JDS UNIPHASE CORPORATION

(Exact Name of Registrant as Specified in Its Charter)

 


 

Delaware   94-2579683

(State or Other Jurisdiction of

Incorporation or Organization)

 

(IRS Employer

Identification Number)

 

1768 Automation Parkway

San Jose, California 95131

(Address of Principal Executive Offices, Including Zip Code)

 

(408) 546-5000

(Registrant’s Telephone Number, Including Area Code)

 

Not Applicable

(Former Name or Former Address, if Changed Since Last Reporting)

 


 

Check the appropriate box below if the Form 8-K filing is intended to simultaneously satisfy the filing obligation of the registrant under any of the following provisions:

 

¨ Written communications pursuant to Rule 425 under the Securities Act (17 CFR 230.425)

 

¨ Soliciting material pursuant to Rule 14a-12 under the Exchange Act (17 CFR 240.14a-12)

 

¨ Pre-commencement communications pursuant to Rule 14d-2(b) under the Exchange Act (17 CFR 240.14d-2(b))

 

¨ Pre-commencement communications pursuant to Rule 13e-4(c) under the Exchange Act (17 CFR 240.13e-4(c))

 



Item 2.01 Completion of Acquisition or Disposition of Assets

 

On August 3, 2005, JDS Uniphase Corporation (the “Company”) announced via press release that it completed its acquisition, by way of merger (the “Merger”), of privately held Acterna, Inc. (“Acterna”) on a cash-free, debt-free basis for approximately $450 million in cash and 200,467,802 shares of JDS Uniphase common stock (the “Shares”).

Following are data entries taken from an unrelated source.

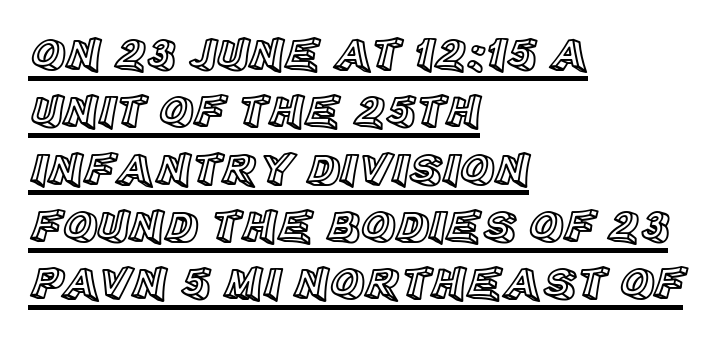
{"width": "normal", "x_height": "large", "monospaced": "no", "underline": "yes", "align": "left", "line_spacing_ratio": 1.22, "letter_spacing": "normal", "letter_spacing_em": 0.0, "glyph_px": 47}
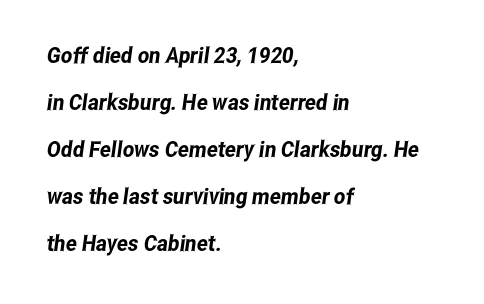
{"underline": "no", "align": "left", "line_spacing": "loose", "line_spacing_ratio": 2.14, "letter_spacing": "normal", "letter_spacing_em": 0.0, "glyph_px": 22}
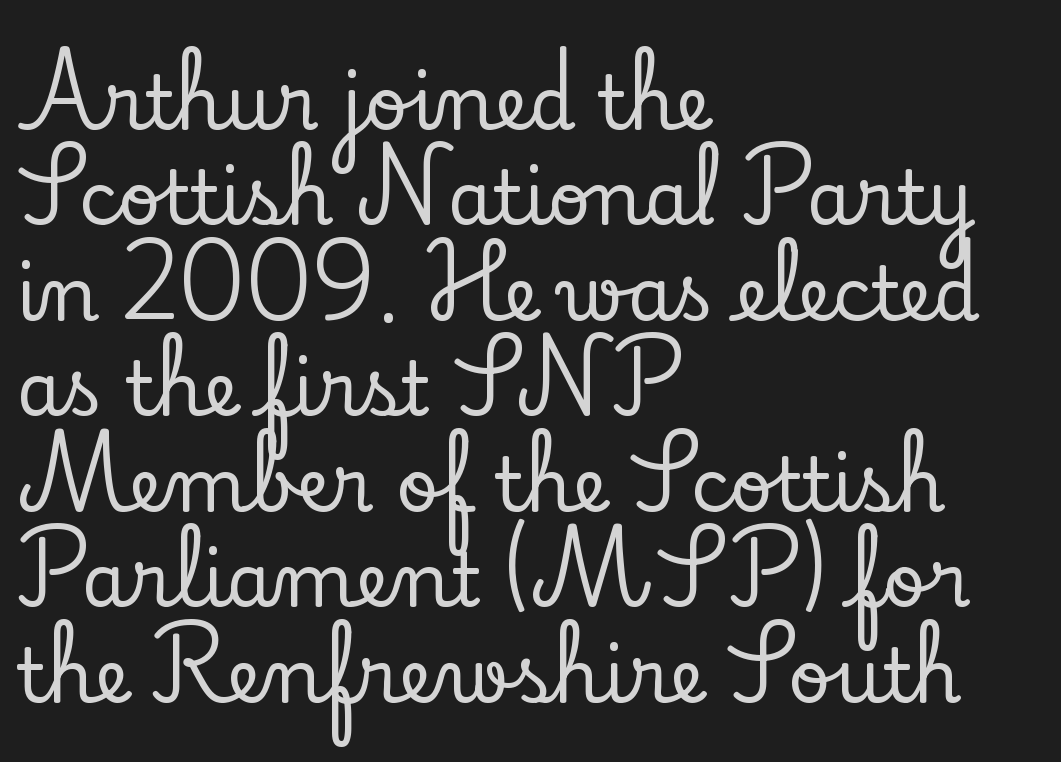
The image shows 74 px serif type, upright; set left-aligned, normal line spacing (1.29x), normal letter spacing, not underlined; low stroke contrast and a small x-height.
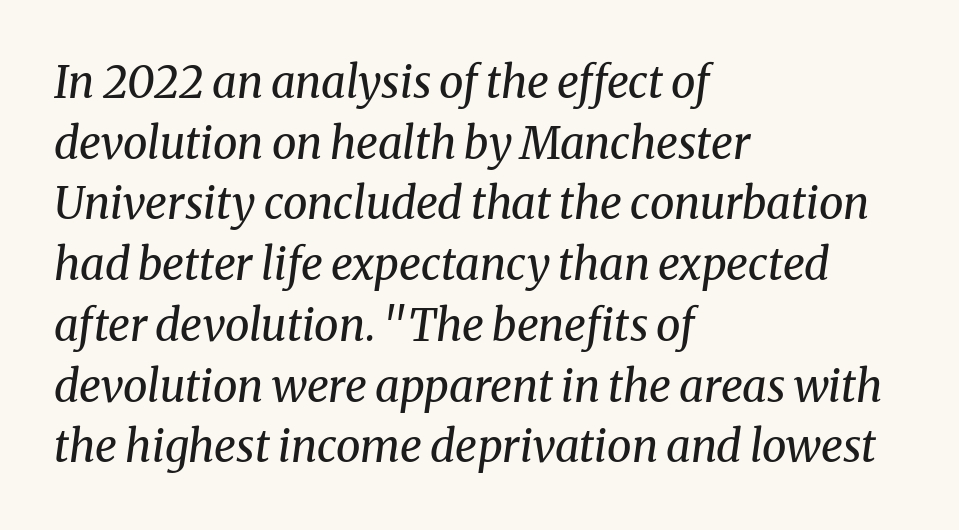
{"serif": "yes", "italic": "yes", "lean": "right", "slant_degrees": 8, "bold": "no", "weight": "regular", "width": "normal", "stroke_contrast": "medium", "x_height": "medium", "monospaced": "no", "underline": "no", "align": "left", "line_spacing": "normal", "line_spacing_ratio": 1.38, "letter_spacing": "normal", "letter_spacing_em": 0.0, "glyph_px": 44}
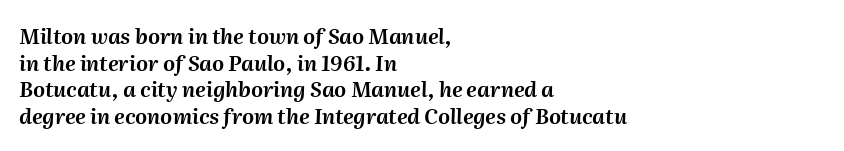
{"italic": "yes", "lean": "right", "slant_degrees": 2, "underline": "no", "align": "left", "line_spacing": "normal", "line_spacing_ratio": 1.27, "letter_spacing": "normal", "letter_spacing_em": 0.0, "glyph_px": 21}
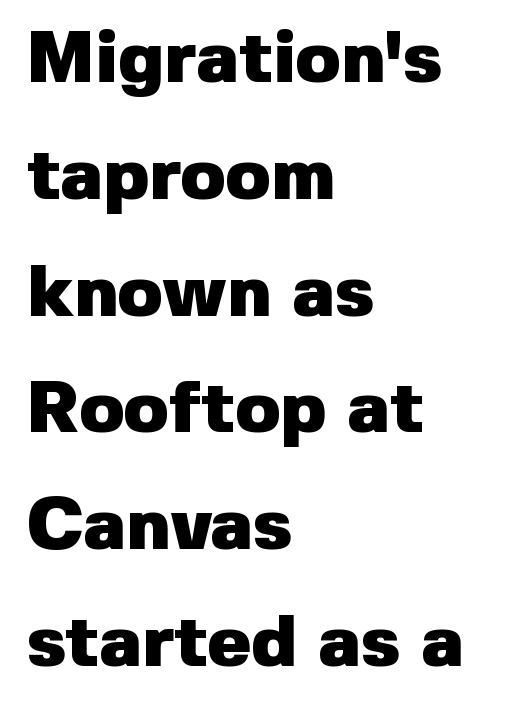
{"serif": "no", "italic": "no", "bold": "yes", "weight": "heavy", "width": "normal", "stroke_contrast": "low", "x_height": "medium", "monospaced": "no", "underline": "no", "align": "left", "line_spacing": "normal", "line_spacing_ratio": 1.6, "letter_spacing": "normal", "letter_spacing_em": 0.0, "glyph_px": 73}
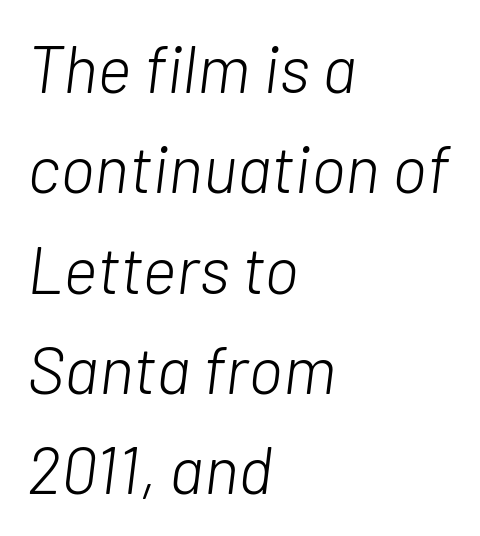
Leftover space on each line is placed entirely after the last word. This block has exactly the height ordinary leading produces. Bold? No — there's no thickening of the strokes. The letters are slanted; this is an italic face. Spacing verdict: proportional, widths tailored to each character. Type without underlining.
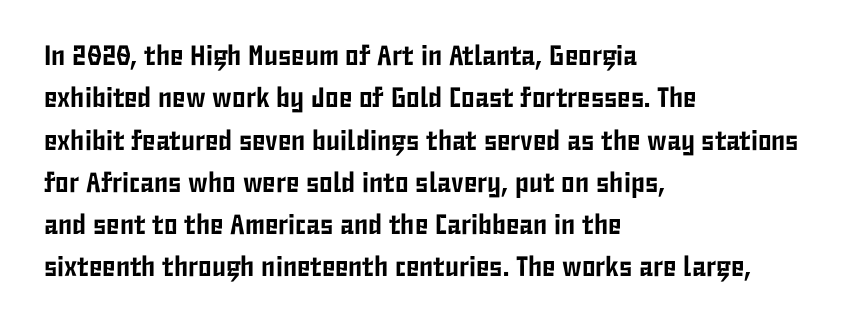
These lines are composed in type without serifs. The paragraph shown leans on its left margin. This rendering features lettering with no underline. A typesetter would call this proportional, since set widths differ per character. Baseline-to-baseline distance is the conventional proportion of letter height.

Acterna is a leading worldwide provider of broadband and optical test and measurement solutions for telecommunications and cable service providers and network equipment manufacturers. As a result of the Merger, Acterna became a wholly-owned subsidiary of the Company.

 

Item 3.02 Unregistered Sales of Equity Securities

 

The Shares delivered to Acterna’s stockholders’ and option holders at the closing of the Merger were issued in reliance on an exemption from registration under Section 3(a)(10) of the Securities Act of 1933, as amended, pursuant to a permit issued to the Company by the California Department of Corporations (the “DOC”) in connection with a qualification by permit application filed by the Company with the DOC for the offer and sale of the Shares. The DOC issued said permit after determining, pursuant to a hearing held before the DOC, that the terms and conditions of the offer and sale of the Shares were fair.

 

Item 9.01 FINANCIAL STATEMENTS AND EXHIBITS.

 

(c) Exhibits

 

Exhibit No.

 

Description of Document


99.1   Press Release of JDS Uniphase Corporation, dated August 3, 2005.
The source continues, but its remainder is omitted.